> PROBLEM: Exactly the lines from the one containing "Q: Is the spacing between letters" through the final line of the data are to be written out again, with nothing added.
[[ STUDY MATERIAL open ]]
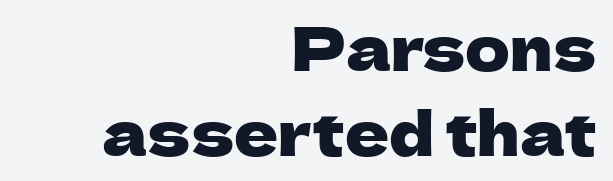
The image shows 61 px sans-serif type, upright; set right-aligned, normal line spacing (1.39x), normal letter spacing, not underlined; low stroke contrast and a medium x-height.
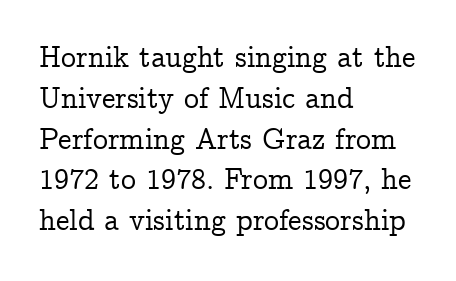
The image shows 30 px serif type, upright; set left-aligned, normal line spacing (1.36x), normal letter spacing, not underlined; low stroke contrast and a medium x-height.
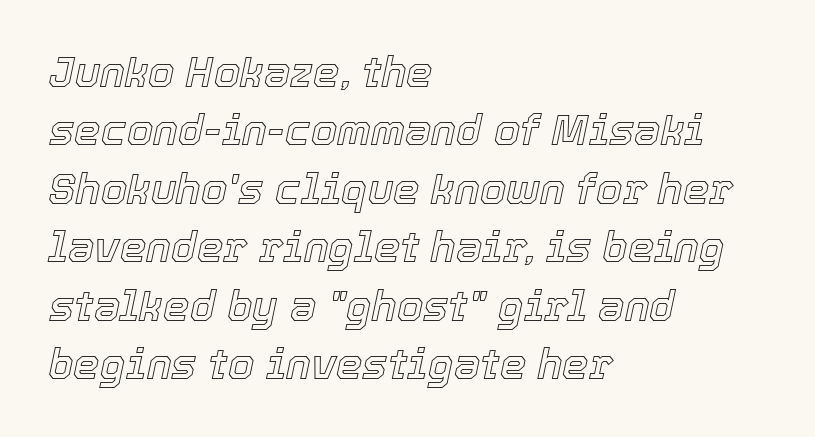
The image shows 42 px text type, italic (leaning right); set left-aligned, normal line spacing (1.39x), normal letter spacing, not underlined; a medium x-height.
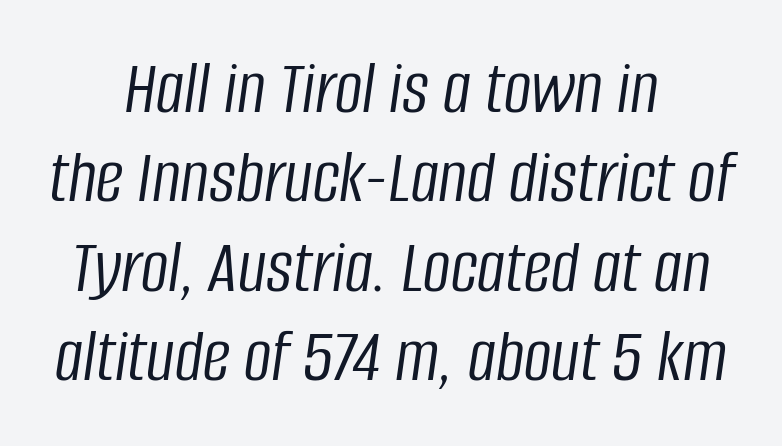
{"italic": "yes", "lean": "right", "slant_degrees": 8, "bold": "no", "weight": "light", "width": "condensed", "stroke_contrast": "low", "x_height": "large", "monospaced": "no", "underline": "no", "align": "center", "line_spacing_ratio": 1.16, "letter_spacing": "normal", "letter_spacing_em": 0.0, "glyph_px": 77}
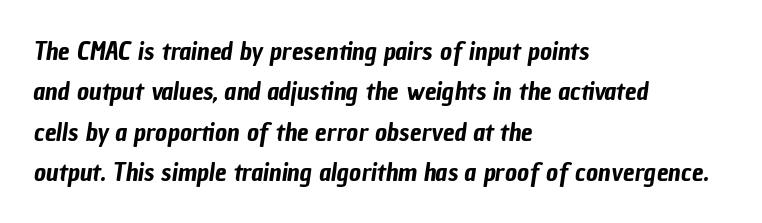
Q: Is the text underlined? A: No.
Q: How is the paragraph aligned? A: Left-aligned.
Q: Is the spacing between letters normal or unusually wide? A: Normal.
Q: Is the spacing between lines tight, normal or loose? A: Normal.
[[ STUDY MATERIAL closed ]]
> TASK ANSWER:
Q: Is the spacing between letters normal or unusually wide? A: Normal.
Q: Is the spacing between lines tight, normal or loose? A: Normal.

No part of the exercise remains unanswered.